Note that there are a few subtleties in the code above, e.g. the seemingly strange
cell("[]=") method definition in Multimap. These are described in a lot more detail in the Programming Guide.To summarize, I had a lot of fun daring my first steps with Ioke. There are definitely a few things you need to wrap your head around, but I really like the way the code feels and reads. Naturally there's a lot more to it than the above code snippet shows. For instance, I've not used aspects, blocks or any of the more sophisticated features like conditions and macros. The entire package seems pretty well thought out and looks like it has received a lot of brain power and hard work, beginning with the language and the Programming Guide itself, the REPL, the debugger, the ISpec framework and the DokGen tool. Altogether there's something to Ioke that may well be made for something bigger in the months and years to come. Finally, for anyone who's thinking about occupying himself/herself more seriously with Ioke: The small community that's been forming recently is a very friendly and helpful crowd. Ola's also very open to outside contributions and actually asks people to help out on the project. So if you want to play a part in the evolution of a cool new language on the JVM ... there's nothing to stop you ;)
Some final bits of information ... really:
- The Ioke source code is hosted at GitHub. Besides the Java source it contains variuos examples like a parser, a spelling corrector, the game of life, etc. written in Ioke. Also check out the implementation of the language's built-in functionality which is full of all the sophisticated stuff.
- Mailing lists and a bug tracker are available at Project Kenai.
- There's a Google Group called ioke-language.
- An IRC channel called #ioke was set up on irc.freenode.net.
- Sam Aaron, one of the contributors, set up an Ioke reddit.
- Martin Elwin, also one of the contributors, has a couple of nice blog posts about setting up a development environment for Ioke under Linux.

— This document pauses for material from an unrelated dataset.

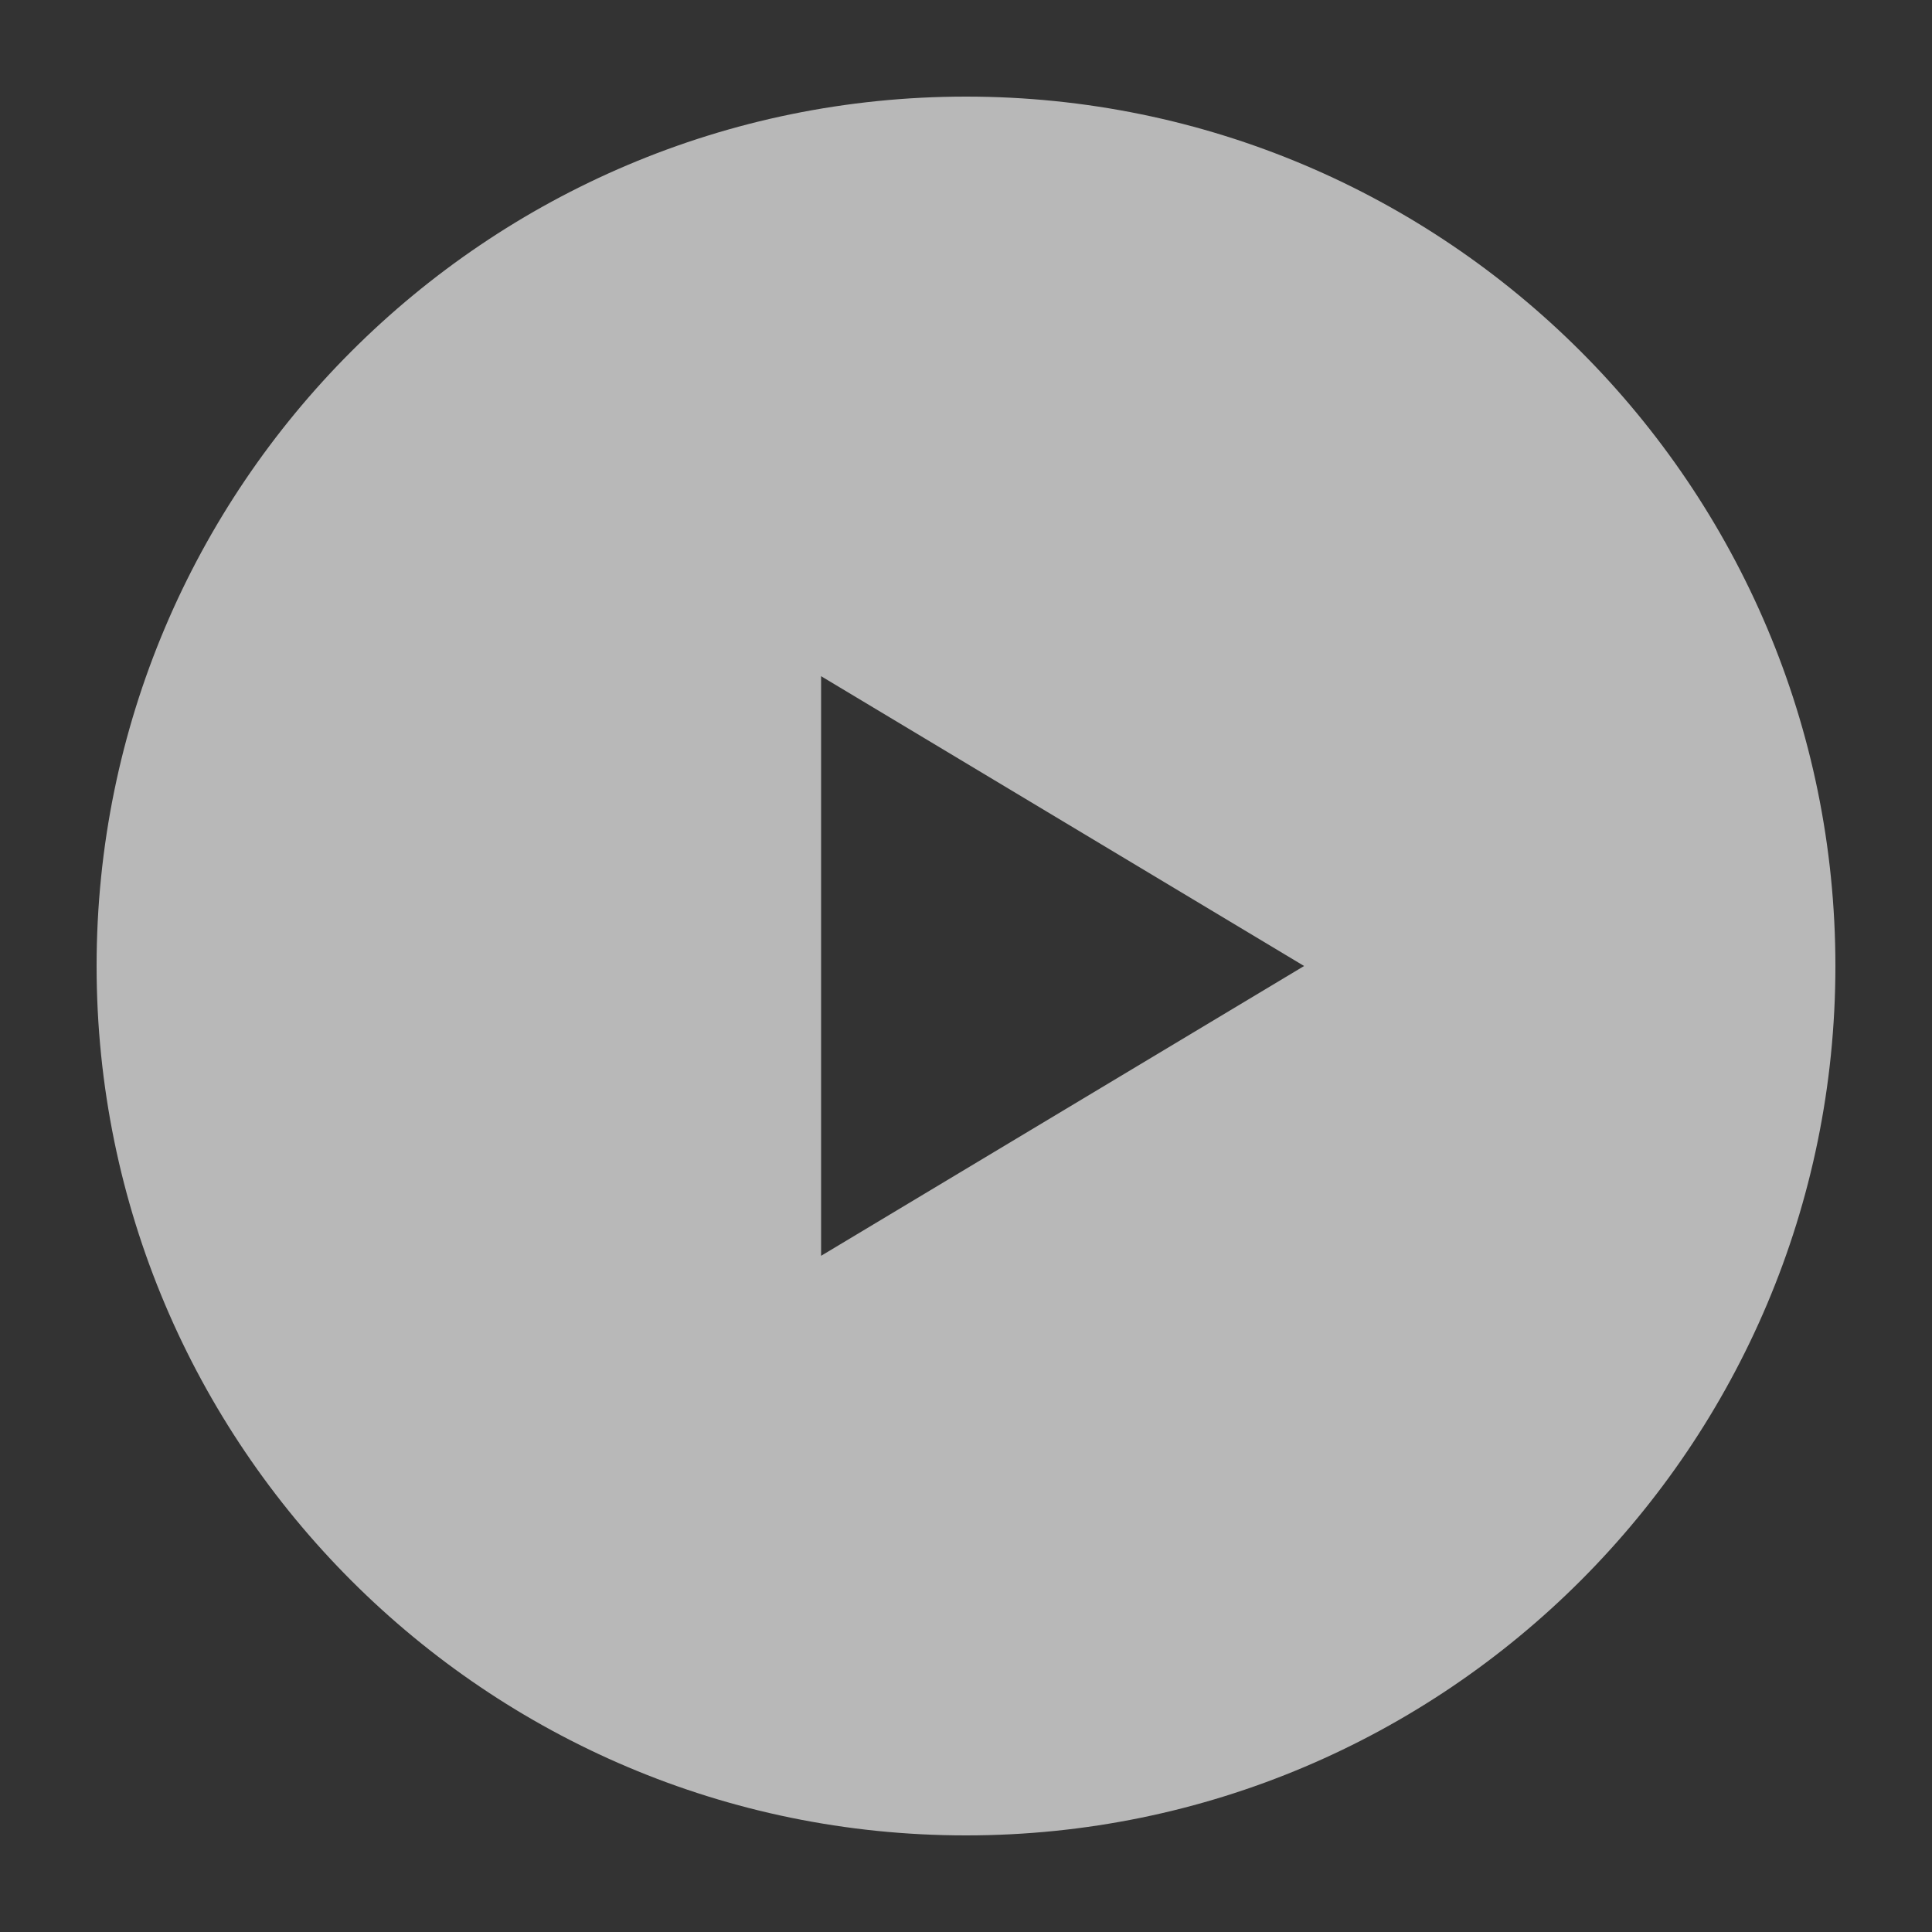 <?xml version="1.0" encoding="UTF-8" standalone="no"?><!DOCTYPE svg PUBLIC "-//W3C//DTD SVG 1.1//EN" "http://www.w3.org/Graphics/SVG/1.1/DTD/svg11.dtd"><svg width="100%" height="100%" viewBox="0 0 60 60" version="1.1" xmlns="http://www.w3.org/2000/svg" xmlns:xlink="http://www.w3.org/1999/xlink" xml:space="preserve" xmlns:serif="http://www.serif.com/" style="fill-rule:evenodd;clip-rule:evenodd;stroke-linejoin:round;stroke-miterlimit:2;"><rect x="0" y="0" width="60" height="60" fill="#333333" stroke="none"/><path d="M30,3c14.902,0 27,12.098 27,27c0,14.902 -12.098,27 -27,27c-14.902,0 -27,-12.098 -27,-27c0,-14.902 12.098,-27 27,-27Zm-4.5,18l0,18l15,-9l-15,-9Z" style="fill:#fff;fill-opacity:0.65;"/></svg>

- The Ioke distribution contains an Emacs mode and a TextMate bundle for syntax highlighting. Those who're primarily working on Windows may take a look at the commercial e Text Editor, which supports TextMate bundles or, as Felipe Rodrigues suggested, the SciTE editor. The latter comes with syntax highlighting for Lisp, which might be good enough. It's also possible to define your own settings if you know what you're doing.
Update: Sam Aaron had a bit of a play with my implementation of a two-word anagram finder and even wrote some accompanying specs. Whereas my solution is mainly procedural in style, his is entirely object-oriented and encapsulates the algorithm. Plus, you get to see ISpec in action. Very cool!